Task description ▸ Set down each line of the material that follows, exactly, with no pictures.

Input data ▸
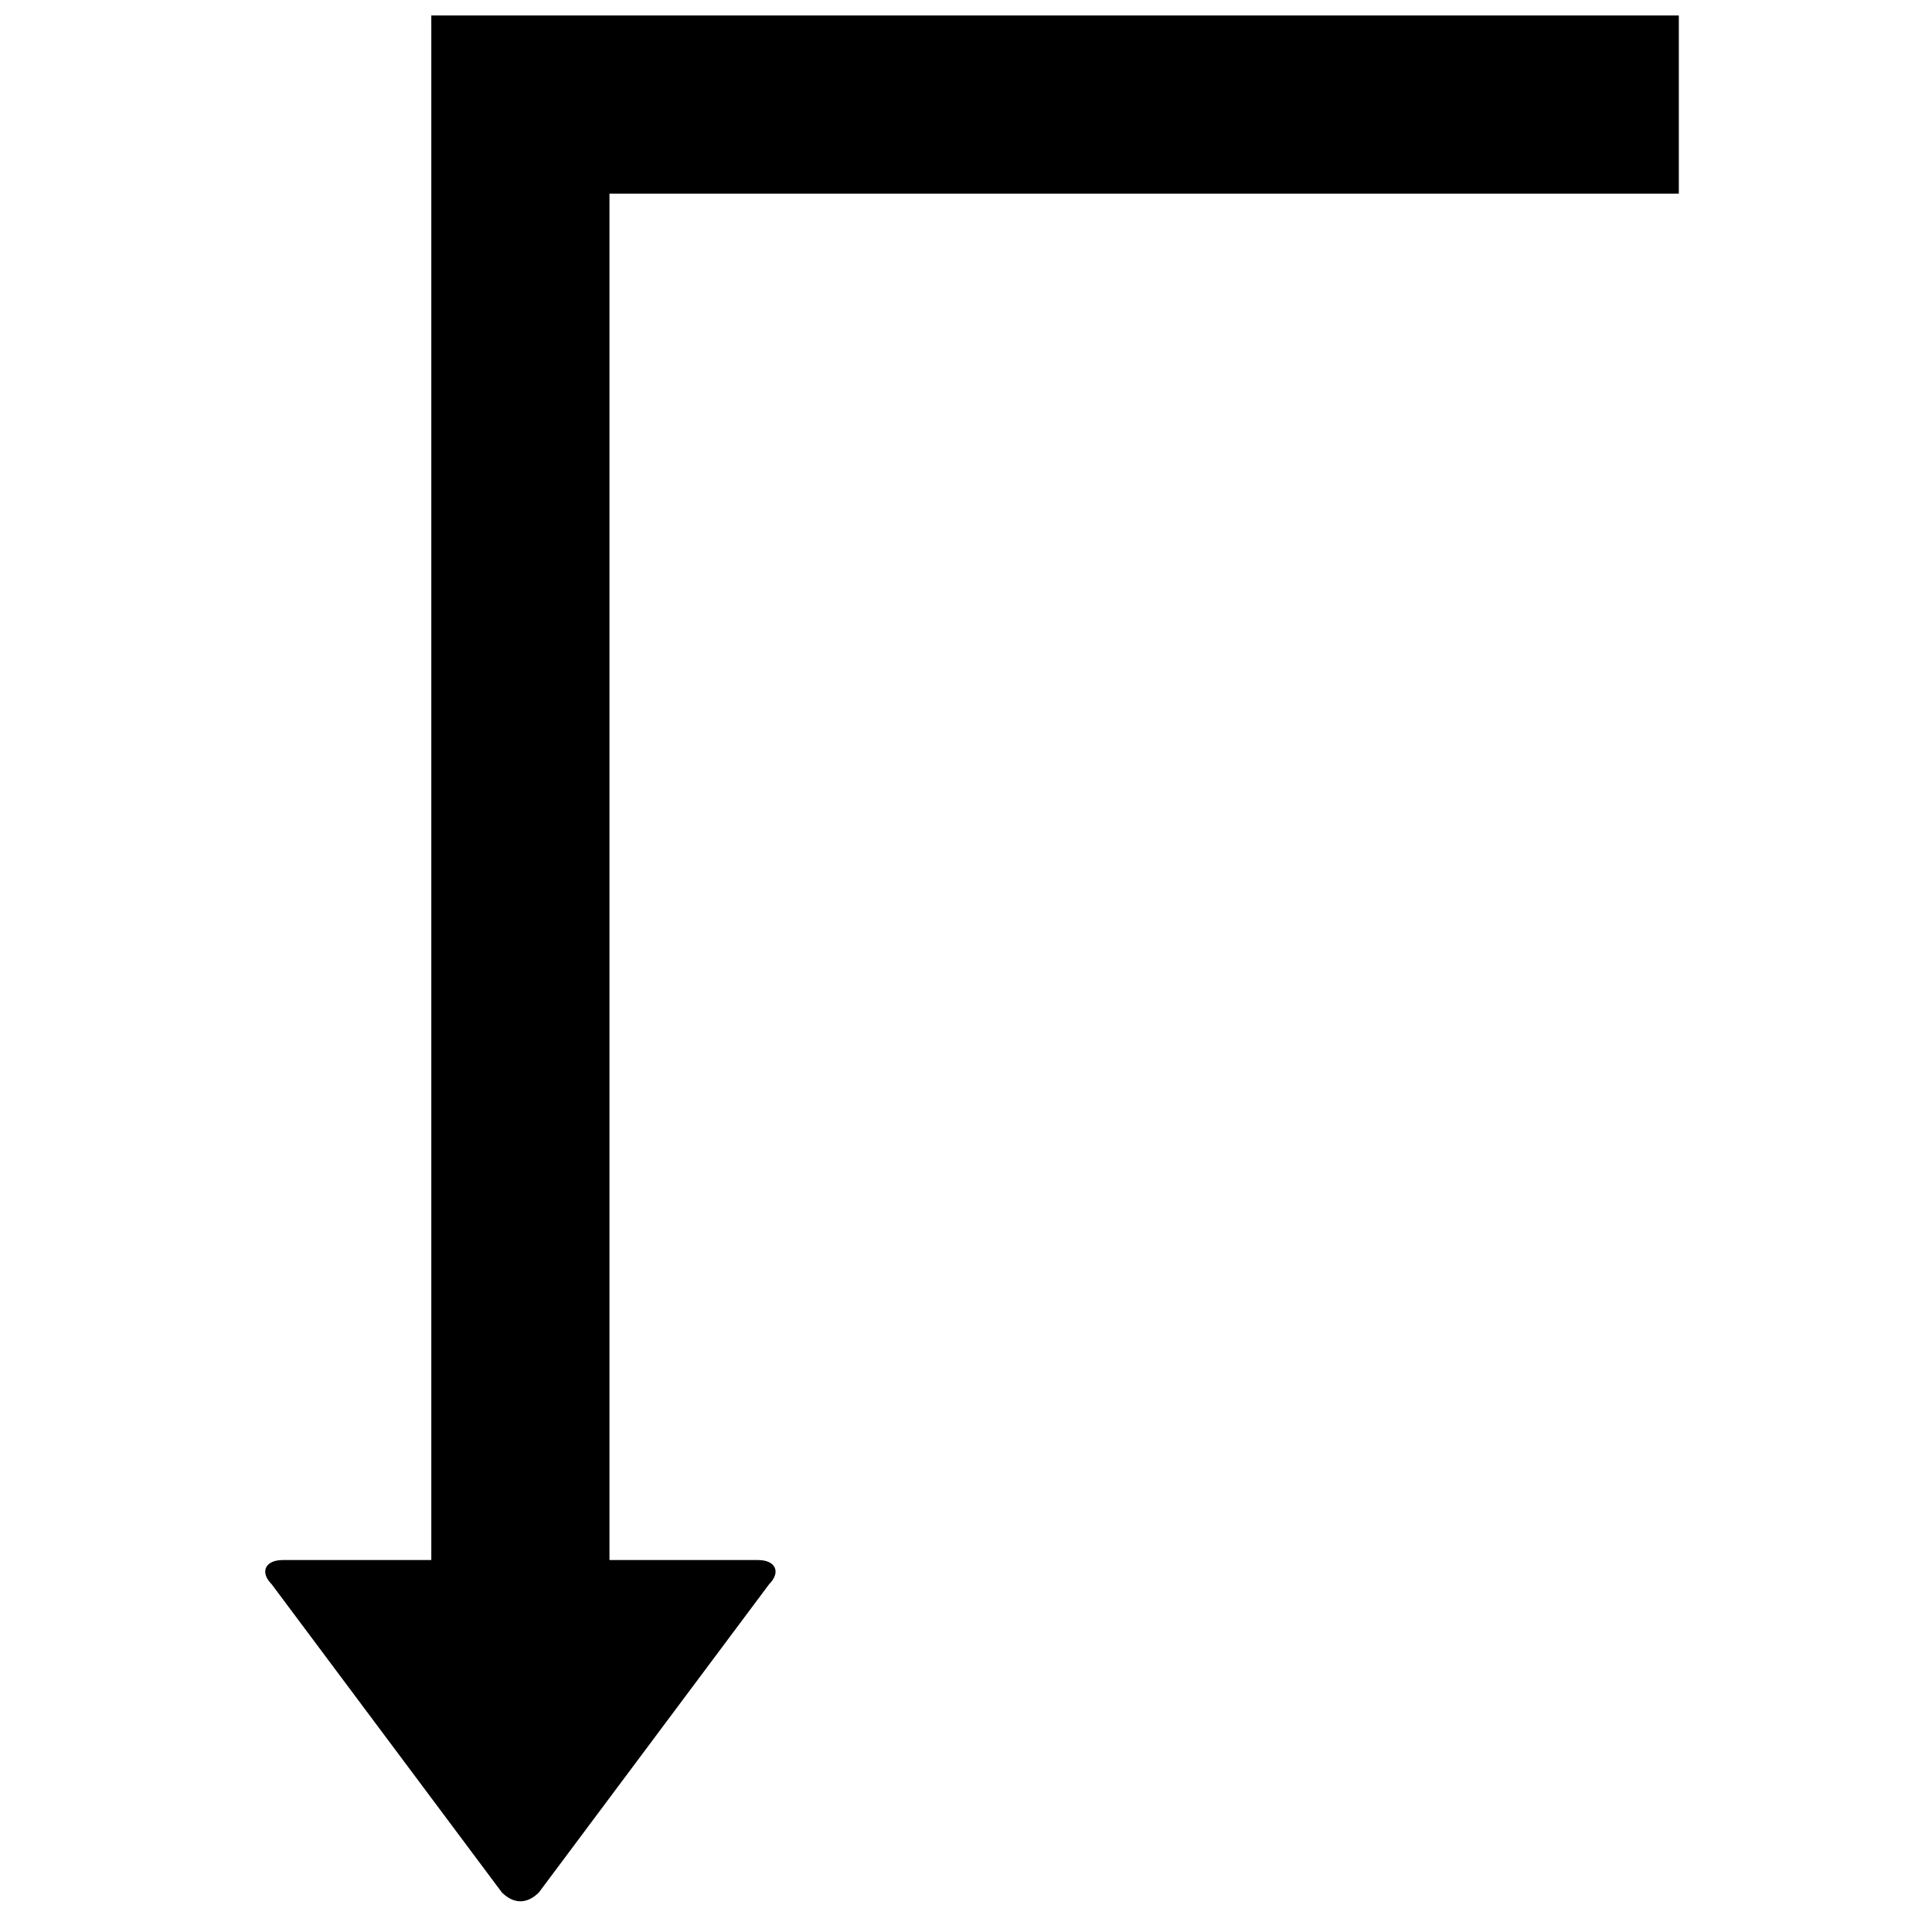 <?xml version="1.0" encoding="UTF-8"?>
<!-- Uploaded to: ICON Repo, www.iconrepo.com, Generator: ICON Repo Mixer Tools -->
<svg width="800px" height="800px" version="1.1" viewBox="144 144 512 512" xmlns="http://www.w3.org/2000/svg">
 <defs>
  <clipPath id="a">
   <path d="m214 148.09h375v499.91h-375z"/>
  </clipPath>
 </defs>
 <g clip-path="url(#a)">
  <path d="m258.3 148.09v409.34h-39.359c-4.723 0-6.109 3.242-2.961 6.391l61.008 81.68c3.148 3.148 6.691 3.148 9.84 0l61.008-81.68c3.148-3.148 1.777-6.391-2.961-6.391h-39.359v-362.11h283.39v-47.23h-330.62z"/>
 </g>
</svg>

Response ▸
 <?xml version="1.0" encoding="UTF-8"?>
<!-- Uploaded to: ICON Repo, www.iconrepo.com, Generator: ICON Repo Mixer Tools -->
<svg width="800px" height="800px" version="1.1" viewBox="144 144 512 512" xmlns="http://www.w3.org/2000/svg">
 <defs>
  <clipPath id="a">
   <path d="m214 148.09h375v499.91h-375z"/>
  </clipPath>
 </defs>
 <g clip-path="url(#a)">
  <path d="m258.3 148.09v409.34h-39.359c-4.723 0-6.109 3.242-2.961 6.391l61.008 81.68c3.148 3.148 6.691 3.148 9.84 0l61.008-81.68c3.148-3.148 1.777-6.391-2.961-6.391h-39.359v-362.11h283.39v-47.23h-330.62z"/>
 </g>
</svg>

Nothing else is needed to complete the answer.